Alternatively, the strengths of the primary and secondary sound
pick up channels may be computed in the discrete time domain.
[0027] The process continues with operation 7 in which a parameter
referred to here as separation, or voice separation, is computed.
Separation is a measure of the difference between the strengths of
the primary and secondary channels that is due to the user's voice
having been picked up by the primary channel. As suggested above,
separation may be computed in the spectral domain on a per
frequency bin basis, and on a per frame basis. In other words,
separation may be a sequence of discrete-time vectors, wherein each
vector has a number of values associated with a corresponding
number of frequency bins, and wherein each vector corresponds to a
respective frame of digital audio. It should be noted that while an
audio signal can be digitized or sampled into frames, that are each
for example between 5-50 milliseconds long, there may be some time
overlap between consecutive frames. Separation may be a statistical
measure of the central tendency, e.g. average, of the difference
between the two audio channels, as an aggregate of all audio
frequency bins or alternatively across a limited band in which
speech is expected (e.g., 400 Hz-1 kHz) or a limited number of
frequency bins, computed for each frame. Separation may be high
when the talker's voice is more prominently reflected in the
primary channel than in the secondary channel, e.g. by about 14 dB
or higher. Separation drops when the mobile device is no longer
being held (by its user) in its "optimal" position, e.g. to about
10 dB, and drops even further in a high ambient noise environment,
e.g. to just a few dB.
[0028] The process continues with operation 9 in which the peaks in
separation are analyzed. In one embodiment, operation 9 involves
computing a leaky peak capture function of the separation. This
function captures a peak in the separation and then decays over
time, so as to allow multiple peaks in the separation parameter to
be captured (and identified). The decay rate is considered a slow
decay or "leak", because it has been discovered that one or more
shorter peaks that follow a higher peak soon thereafter, should not
be captured by this function. In addition, it has been discovered
that updating a current value of the function to a new value (in
accordance with the separation being greater than a previous value
of the function) should only take place when the probability of
speech is high but not when the probability of speech is low. This
may require also computing a probability of speech in a given
frame, and using that result to determine whether the leaky peak
function should be updated or whether it should be allowed to
continue its decay (in that frame).
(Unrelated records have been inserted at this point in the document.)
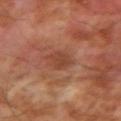biopsy status: catalogued during a skin exam; not biopsied
subject: male, approximately 70 years of age
acquisition: ~15 mm crop, total-body skin-cancer survey
automated metrics: an average lesion color of about L≈42 a*≈24 b*≈30 (CIELAB), a lesion–skin lightness drop of about 7, and a lesion-to-skin contrast of about 6 (normalized; higher = more distinct); a color-variation rating of about 1.5/10
location: the right upper arm
lesion size: ~2.5 mm (longest diameter)
illumination: cross-polarized illumination
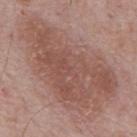Notes:
– follow-up · catalogued during a skin exam; not biopsied
– automated metrics · an average lesion color of about L≈53 a*≈20 b*≈24 (CIELAB), a lesion–skin lightness drop of about 8, and a lesion-to-skin contrast of about 6 (normalized; higher = more distinct); lesion-presence confidence of about 100/100
– diameter · ≈14.5 mm
– site · the mid back
– subject · male, in their mid-60s
– acquisition · 15 mm crop, total-body photography
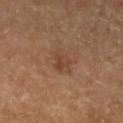The lesion was tiled from a total-body skin photograph and was not biopsied.
From the left lower leg.
A male subject about 65 years old.
A close-up tile cropped from a whole-body skin photograph, about 15 mm across.
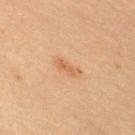Captured during whole-body skin photography for melanoma surveillance; the lesion was not biopsied. A male patient aged 58–62. Located on the upper back. An algorithmic analysis of the crop reported a lesion color around L≈50 a*≈20 b*≈33 in CIELAB, about 7 CIELAB-L* units darker than the surrounding skin, and a normalized lesion–skin contrast near 6. And it measured border irregularity of about 5 on a 0–10 scale and a within-lesion color-variation index near 0/10. The software also gave a nevus-likeness score of about 55/100 and a detector confidence of about 100 out of 100 that the crop contains a lesion. This is a cross-polarized tile. Measured at roughly 3 mm in maximum diameter. A roughly 15 mm field-of-view crop from a total-body skin photograph.
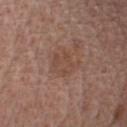notes — catalogued during a skin exam; not biopsied | lesion size — ≈3.5 mm | subject — male, in their mid-50s | location — the chest | lighting — white-light illumination | acquisition — total-body-photography crop, ~15 mm field of view.
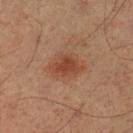No biopsy was performed on this lesion — it was imaged during a full skin examination and was not determined to be concerning. The subject is a male in their mid-50s. About 4.5 mm across. This image is a 15 mm lesion crop taken from a total-body photograph. The lesion is located on the left lower leg.
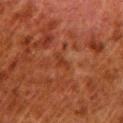Q: Was this lesion biopsied?
A: catalogued during a skin exam; not biopsied
Q: How was this image acquired?
A: ~15 mm crop, total-body skin-cancer survey
Q: What is the lesion's diameter?
A: about 2.5 mm
Q: Who is the patient?
A: male, aged around 80
Q: What is the anatomic site?
A: the leg
Q: Illumination type?
A: cross-polarized illumination
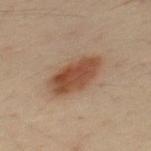Recorded during total-body skin imaging; not selected for excision or biopsy. A 15 mm close-up tile from a total-body photography series done for melanoma screening. A male patient, in their 50s. The lesion is on the back.
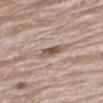Findings:
• automated lesion analysis: an area of roughly 5 mm², an outline eccentricity of about 0.9 (0 = round, 1 = elongated), and a shape-asymmetry score of about 0.25 (0 = symmetric); a border-irregularity rating of about 3/10; an automated nevus-likeness rating near 40 out of 100 and lesion-presence confidence of about 100/100
• image: ~15 mm tile from a whole-body skin photo
• lesion size: about 4 mm
• patient: male, aged approximately 65
• location: the right thigh
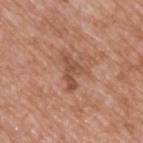Findings:
• follow-up — no biopsy performed (imaged during a skin exam)
• patient — male, aged approximately 50
• illumination — white-light
• diameter — ≈4.5 mm
• acquisition — ~15 mm crop, total-body skin-cancer survey
• automated lesion analysis — an automated nevus-likeness rating near 0 out of 100 and lesion-presence confidence of about 100/100
• anatomic site — the upper back
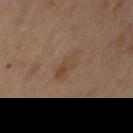Clinical impression:
Part of a total-body skin-imaging series; this lesion was reviewed on a skin check and was not flagged for biopsy.
Acquisition and patient details:
The total-body-photography lesion software estimated a lesion-detection confidence of about 100/100. A lesion tile, about 15 mm wide, cut from a 3D total-body photograph. The subject is a female in their mid-50s. The lesion is located on the left upper arm. Approximately 3 mm at its widest. The tile uses cross-polarized illumination.
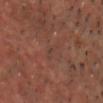The lesion was tiled from a total-body skin photograph and was not biopsied.
A male subject in their mid-50s.
The lesion is located on the head or neck.
Imaged with cross-polarized lighting.
This image is a 15 mm lesion crop taken from a total-body photograph.
The lesion-visualizer software estimated an area of roughly 2 mm² and an eccentricity of roughly 0.9. It also reported a lesion color around L≈37 a*≈19 b*≈22 in CIELAB, about 4 CIELAB-L* units darker than the surrounding skin, and a normalized border contrast of about 4.5.
Approximately 2.5 mm at its widest.
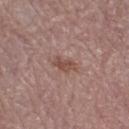<lesion>
<automated_metrics>
  <area_mm2_approx>4.0</area_mm2_approx>
  <shape_asymmetry>0.35</shape_asymmetry>
  <border_irregularity_0_10>3.5</border_irregularity_0_10>
</automated_metrics>
<image>
  <source>total-body photography crop</source>
  <field_of_view_mm>15</field_of_view_mm>
</image>
<patient>
  <sex>female</sex>
  <age_approx>65</age_approx>
</patient>
<lighting>white-light</lighting>
<site>leg</site>
</lesion>
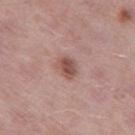<record>
  <biopsy_status>not biopsied; imaged during a skin examination</biopsy_status>
  <site>leg</site>
  <patient>
    <sex>male</sex>
    <age_approx>55</age_approx>
  </patient>
  <lesion_size>
    <long_diameter_mm_approx>2.5</long_diameter_mm_approx>
  </lesion_size>
  <image>
    <source>total-body photography crop</source>
    <field_of_view_mm>15</field_of_view_mm>
  </image>
  <automated_metrics>
    <area_mm2_approx>4.5</area_mm2_approx>
    <cielab_L>51</cielab_L>
    <cielab_a>22</cielab_a>
    <cielab_b>24</cielab_b>
    <vs_skin_darker_L>12.0</vs_skin_darker_L>
    <vs_skin_contrast_norm>8.5</vs_skin_contrast_norm>
    <border_irregularity_0_10>2.0</border_irregularity_0_10>
    <color_variation_0_10>3.5</color_variation_0_10>
    <peripheral_color_asymmetry>1.5</peripheral_color_asymmetry>
    <nevus_likeness_0_100>85</nevus_likeness_0_100>
    <lesion_detection_confidence_0_100>100</lesion_detection_confidence_0_100>
  </automated_metrics>
  <lighting>white-light</lighting>
</record>
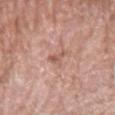Q: Where on the body is the lesion?
A: the arm
Q: What is the imaging modality?
A: ~15 mm tile from a whole-body skin photo
Q: What are the patient's age and sex?
A: male, roughly 80 years of age
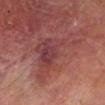This lesion was catalogued during total-body skin photography and was not selected for biopsy.
Located on the right lower leg.
This image is a 15 mm lesion crop taken from a total-body photograph.
A male patient, aged approximately 70.
About 8 mm across.
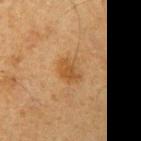The lesion was photographed on a routine skin check and not biopsied; there is no pathology result.
A male patient, aged 63–67.
From the left upper arm.
Cropped from a total-body skin-imaging series; the visible field is about 15 mm.
Automated image analysis of the tile measured a lesion color around L≈43 a*≈17 b*≈34 in CIELAB.
About 3 mm across.
Captured under cross-polarized illumination.
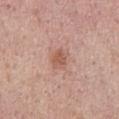Impression:
The lesion was tiled from a total-body skin photograph and was not biopsied.
Acquisition and patient details:
The lesion is located on the mid back. A roughly 15 mm field-of-view crop from a total-body skin photograph. A male patient about 55 years old. Captured under white-light illumination. Measured at roughly 2.5 mm in maximum diameter.
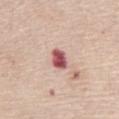The lesion was photographed on a routine skin check and not biopsied; there is no pathology result.
A female subject, approximately 70 years of age.
The lesion is on the chest.
Longest diameter approximately 2.5 mm.
Captured under white-light illumination.
Automated image analysis of the tile measured an average lesion color of about L≈55 a*≈29 b*≈22 (CIELAB) and a lesion–skin lightness drop of about 19.
A region of skin cropped from a whole-body photographic capture, roughly 15 mm wide.
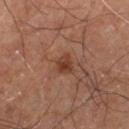Impression: No biopsy was performed on this lesion — it was imaged during a full skin examination and was not determined to be concerning. Clinical summary: Longest diameter approximately 2.5 mm. The lesion is located on the left thigh. The lesion-visualizer software estimated a footprint of about 3.5 mm², an eccentricity of roughly 0.6, and two-axis asymmetry of about 0.25. It also reported an average lesion color of about L≈35 a*≈22 b*≈27 (CIELAB), about 8 CIELAB-L* units darker than the surrounding skin, and a normalized lesion–skin contrast near 8. And it measured border irregularity of about 2 on a 0–10 scale, a within-lesion color-variation index near 4/10, and radial color variation of about 1.5. A male subject, aged 58 to 62. A lesion tile, about 15 mm wide, cut from a 3D total-body photograph.

Thus defined, the leaky peak
capture function may be used to effectively detect which type of
user environment the mobile device finds itself in, so that the
correct threshold is then selected.
[0029] A general characteristic of the tradeoff in the choice of a
VAD threshold is the following. A high VAD threshold will capture
more transient noises which do not present equal pressure to both
microphone circuits 4, 6. But a high threshold will also
incorrectly cause voice components to be included in the subsequent
noise estimate. This in turn results in excessive voice distortion
and attenuation. A high threshold is also undesirable in very high
ambient noise situations since voice separation drops in that case
(despite voice activity).
[0030] The automatic process described here continues with
operation 11 in which a threshold that is to be used in a noise
estimation process (e.g., a VAD threshold) is adjusted in
accordance with the leaky peak capture function. For instance, if
the separation is high (as evidenced in the leaking peak capture
function), then a VAD threshold is raised accordingly, to get
better speech vs. noise discrimination; if the separation is low,
then the VAD threshold is lowered accordingly. This helps generate
a more accurate noise estimate using the adjusted threshold, which
is performed in operation 12. In one embodiment, the threshold is
adjusting by computing it as a linear combination of a current peak
separation value (given by the leaky peak function), and a
pre-determined margin value. In addition, the computed threshold
may also be constrained to remain between pre-determined lower and
upper bounds.
[0031] Generation of the noise estimate in operation 12 may be in
accordance with any conventional technique. For example, a spectral
component of the noise estimate may be selected or generated
predominantly from the secondary channel, and not the primary
channel, when strength of the primary channel is greater, as per
the adjusted threshold, than strength of the secondary channel. In
addition, when strength of the primary channel is not greater, as
per the threshold, than strength of the secondary channel, then the
spectral component of the noise estimate is selected or generated
predominantly from the primary channel, and not the secondary
channel. Note however that there may be multiple thresholds (for
use when generating the noise estimate in operation 12) that can be
adjusted in operation 11. Also, the creation of the noise estimate
in operation 12 may be more complex than simply selecting a noise
estimate sample (e.g., a spectral component) to be equal to one
from either the primary channel or the secondary channel.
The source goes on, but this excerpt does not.